続・記者の視点 90  PDF

フクシマ ―― 進行性の傷と痛み
読売新聞大阪本社編集委員 原 昌平

 あれから8年。被災地のメンタルヘルスはどうなっているのか。原発事故の被害地である福島県の沿岸部、相双地方を訪れた。
 現地の医療・福祉関係者に話を聞いていくと、特徴的な問題が3つ浮かび上がった。
 第1に、PTSDなどのトラウマ反応である。現地のクリニックで精神科の診療にあたる蟻塚亮二医師によると、夜中に何度も目が覚める過覚醒、過去の記憶の侵入(フラッシュバック)、体の一部が痛むなどの身体化障害、やる前から「どうせだめだ」とあきらめる回避傾向、非定型のうつ症状、パニック反応、意識が飛ぶ解離などが見られる。
 揺れや津波などの物理的事象より、家族を助けられなかった後悔、避難や賠償金をめぐるいさかいなど、人間関係をめぐる体験がトラウマになっているケースが目立つ。
 そして心の傷を抱えた人は、別のつらい体験に遭うと雪だるま式にトラウマが膨らんで不調をきたす。年月を経て症状が現れることもある。トラウマ反応は、時の経過で軽くなるわけではなく、むしろ「進行性」なのだという。
 第2はアルコール依存。今のところ、そう多くはないようだが、つらさを紛らわせる酒、憂さ晴らしの酒、一人酒は、依存にはまりやすい。
 第3は、単身男性の閉じこもりである。高齢者より、50~60代の中高年男性に多い。仮設住宅を出て、復興住宅に移った人に目立つという。
 ほとんど外出せず、自宅で過ごしている。気にかけた近隣住民や社会福祉協議会の職員が訪問しても応答はなく、ドアを開けてくれない。メッセージを紙に書いて残しておくと、読んだ形跡はあるのだが、連絡は来ない。病的状態とは限らないが、一種のひきこもりである。
 なぜ、そうなるのか。
 まず考えられるのは、家族を失い、仕事を失い、土地を失った喪失感だろう。家庭や社会における「役割」をなくしていることも大きい。
 コミュニティーの崩壊も影響しているようだ。復興住宅は元の自治体ごとに入居することが多く、たとえば南相馬市に建てられた北原団地に入居したのは浪江町民が大部分だが、浪江町にも、いろいろな地区があった。
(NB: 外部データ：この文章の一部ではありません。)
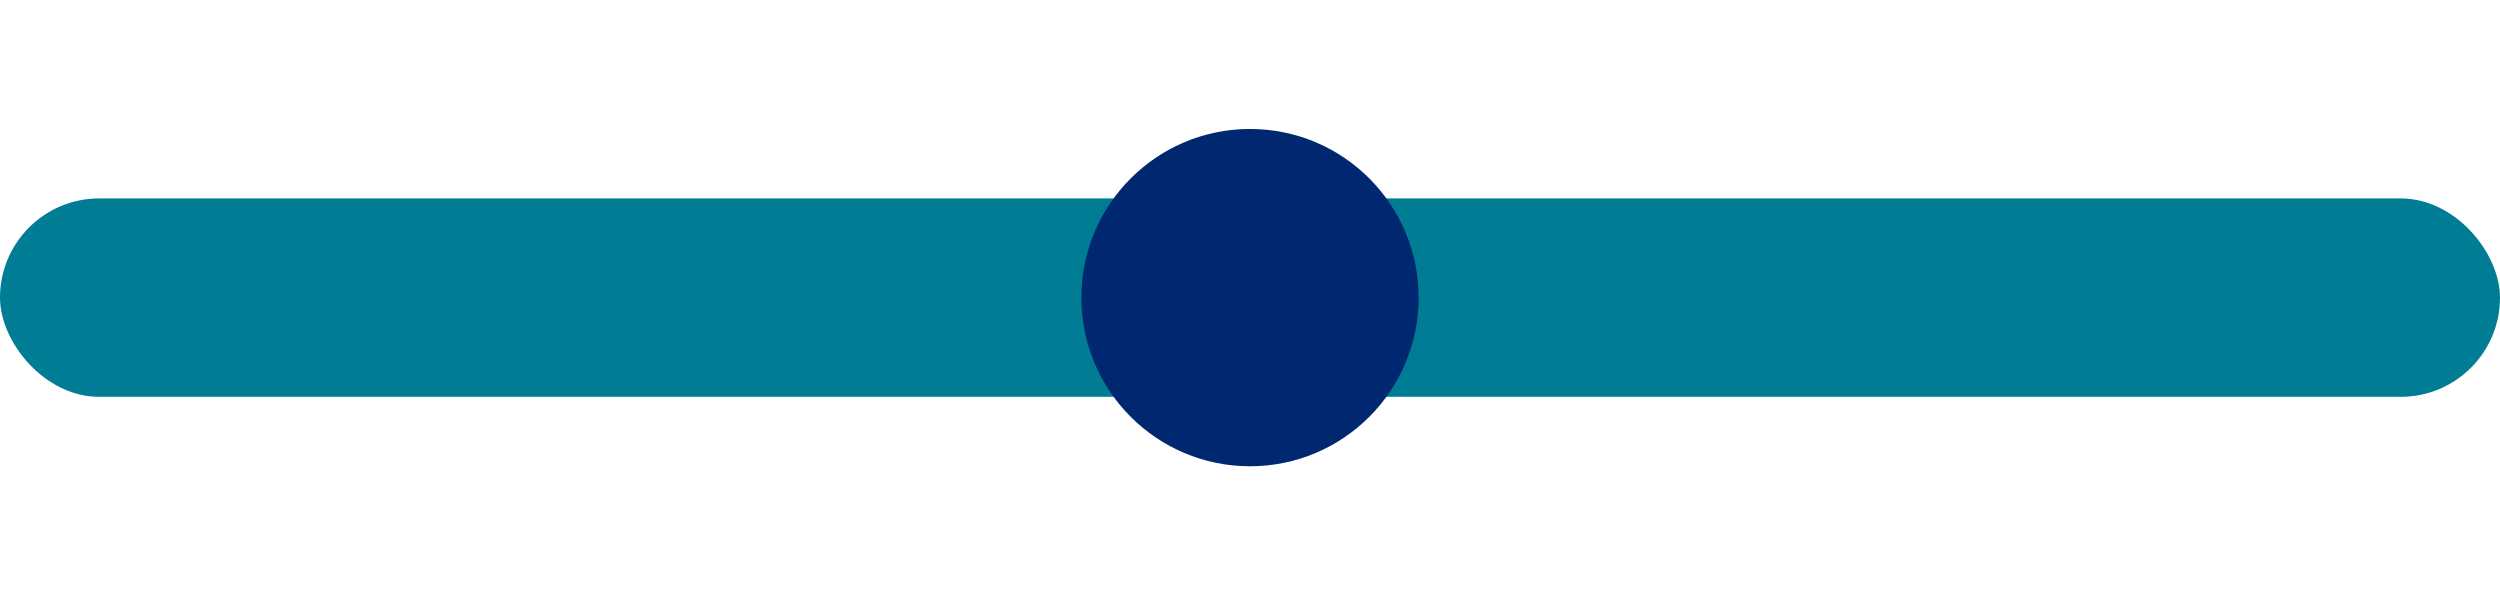 <?xml version="1.0" encoding="UTF-8"?><svg id="_レイヤー_38" xmlns="http://www.w3.org/2000/svg" viewBox="0 0 126 30"><defs><style>.cls-1{fill:#002870;}.cls-2{fill:#007d94;}</style></defs><rect class="cls-2" x="0" y="10" width="126" height="10" rx="5" ry="5"/><circle class="cls-1" cx="63" cy="15" r="8.5"/></svg>

団地の隣近所に住むのは、町民と言っても、知らない人々。新しい場所で新しい人間関係を築くのはストレスが大きい。
 もともと男性はSOSを出すのが下手で、おしゃべりが苦手な人も多い。
 北原団地では、女性たちが自主的にサロン活動を始め、季節の行事も催して交流を進めているが、男性は参加が少なく、心配だという。
 復興住宅に入居したら一件落着ということには、まったくならないのである。
 福島では広範囲の土地が放射能汚染で失われた。帰還困難地域の指定が解除された地域でも、生業と生活の利便は回復せず、簡単には帰れない。かつての住み慣れた地域が元に戻ることはけっしてなく、先行きへの不安と痛みが続く。それは「難民状態」なのだと蟻塚医師は表現する。
 230㌔離れた東京では、巨額の資金を投じてオリンピック準備が進められている。